Les yeux composés et les ommatidies
La vision des odonates est complexe, comme pour tous les insectes aux yeux composés.
Quand on clique sur la photo ci-dessus, on voit correctement les ommatidies ; ce sont les unités élémentaires, qui composent l’œil de la libellule. On en compte jusqu’à 30.000 chez les Aeshnidae (Anax junius a exactement 28,672 ommatidies dans chaque œil à maturité ; Land and Nilsson 2002) ce qui constitue le record pour le monde des insectes(1). Leurs yeux, les plus gros de tous les insectes, leur permettent de voir pratiquement dans toutes les directions… sauf directement en arrière.
Ces ommatidies ressemblent à toutes celles présentes chez les insectes et forment une structure conique à section hexagonale, la partie la plus large du cône est à la surface de l’œil recouverte d’une lentille (cornée, cristallin…), la partie la plus étroite, profonde, est une structure photosensible appelée rhabdome dont s’échappe un axone qui relayé par un ganglion atteint le cerveau.

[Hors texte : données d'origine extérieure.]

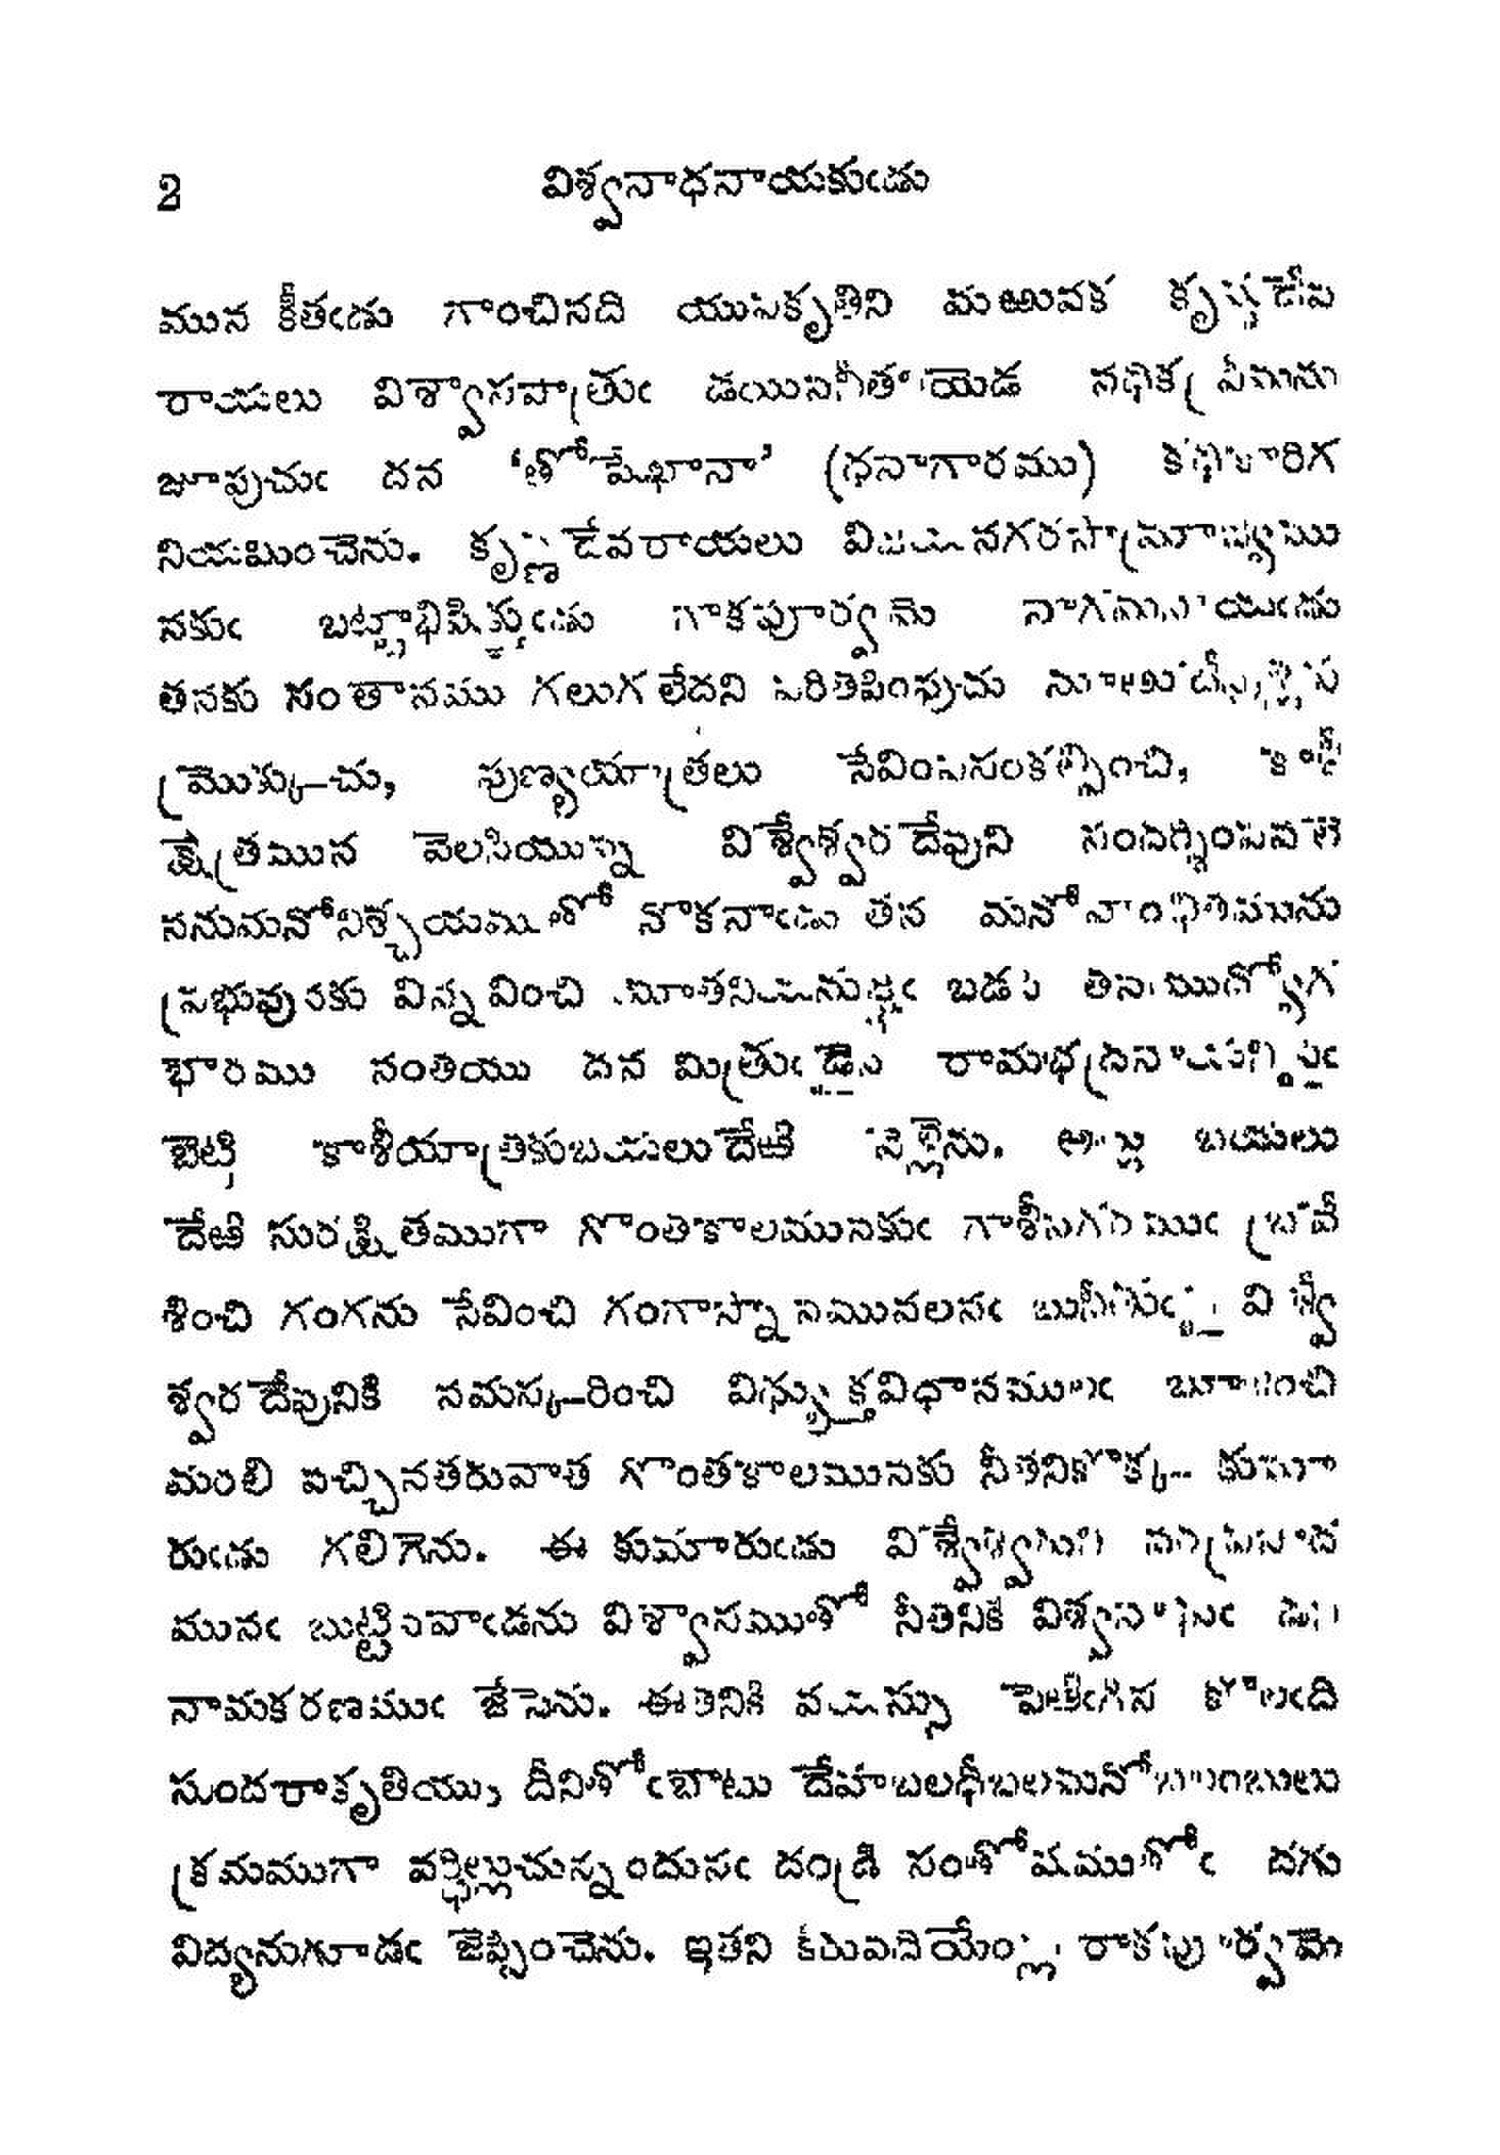మున కీతఁడు గాంచినది యుపకృతిని మఱువక కృష్ణదేవరాయలు విశ్వాసపాత్రుఁ డయిననీతనియెడ నధికప్రేమను జూపుచుఁ దన 'తోషేఖానా' (ధనాగారము) కధికారిగ నియమించెను. కృష్ణదేవరాయలు విజనగరసామ్రాజ్యమునకుఁ బట్టాభిషిక్తుఁడు గాకపూర్వమె నాగమనాయఁడు తనకు సంతానము గలుగ లేదని పరితపింపుచు నూఱుదేవుళ్లకు మ్రొక్కుచు, పుణ్యయాత్రలు సేవింపసంకల్పించి, కాశీ క్షేత్రమున వెలసియున్న విశ్వేశ్వర దేవుని సందర్శింపవలె ననుమనోనిశ్చయముతో నొకనాడు తన మనోవాంఛితమును ప్రభువునకు విన్నవించి యాతనియనుజ్ఞఁ బడసి తనయుద్యోగ భారము నంతయు దన మిత్రుఁడైన రామభద్రనాయనిపైఁబెట్టి కాశీయాత్రకుబయలుదేఱి వెళ్లెను. అట్లు బయలుదేఱి సురక్షితముగా గొంతకాలమునకుఁ గాశీనగరముఁ బ్రవేశించి గంగను సేవించి గంగాస్నానమువలనఁ బునీతుఁడై విశ్వేశ్వరదేవునికి నమస్కరించి విధ్యుక్తవిధానములఁ బూజించి మరలి వచ్చినతరువాత గొంతకాలమునకు నీతనికొక్క కుమారుఁడు గలిగెను. ఈ కుమారుఁడు విశ్వేశ్వరుని వరప్రసాదమునఁ బుట్టినవాఁడను విశ్వాసముతో నీతనికి విశ్వనాథుఁ డని నామకరణముఁ జేసెను. ఈతనికి వయస్సు పెఱిఁగిన కొలఁది సుందరాకృతియుం దీనితోఁబాటు దేహబలధీబలమనోబలంబులు క్రమముగా వర్థిల్లుచున్నందునఁ దండ్రి సంతోషముతోఁ దగు విద్యనుగూడఁ జెప్పించెను. ఇతని కిరువదియేండ్లు రాకపూర్వమె

L’image résultante peut se comparer à un pixel et l’image globale est recomposée au niveau du cerveau environ 200 fois par seconde ; en conséquence, si vous invitez une libellule au cinéma, choisissez un film tourné en 200 images secondes, sinon notre standard humain (24 ou 30 I/s) lui paraîtra d’un autre âge, complètement saccadé… 🙂
Les yeux des odonates ne sont pas mobiles comme les nôtres, mais leur conformation leur permet de voir presque « partout à la fois » sans bouger la tête, et sans doute ultérieurement de « se concentrer » sur l’image qui nécessite le traitement le plus urgent.
Les pseudo-pupilles
Cette formation d’ommatidies accolées est responsable d’un phénomène de pseudo-pupilles visible chez tous les insectes, mais plus facilement observable pour les odonates en raison de la grande taille de leurs yeux et de la couleur parfois claire de ceux-ci. Leurs yeux semblent montrer des pupilles sombres, parfois multiples qui donnent l’impression de suivre le déplacement de l’observateur.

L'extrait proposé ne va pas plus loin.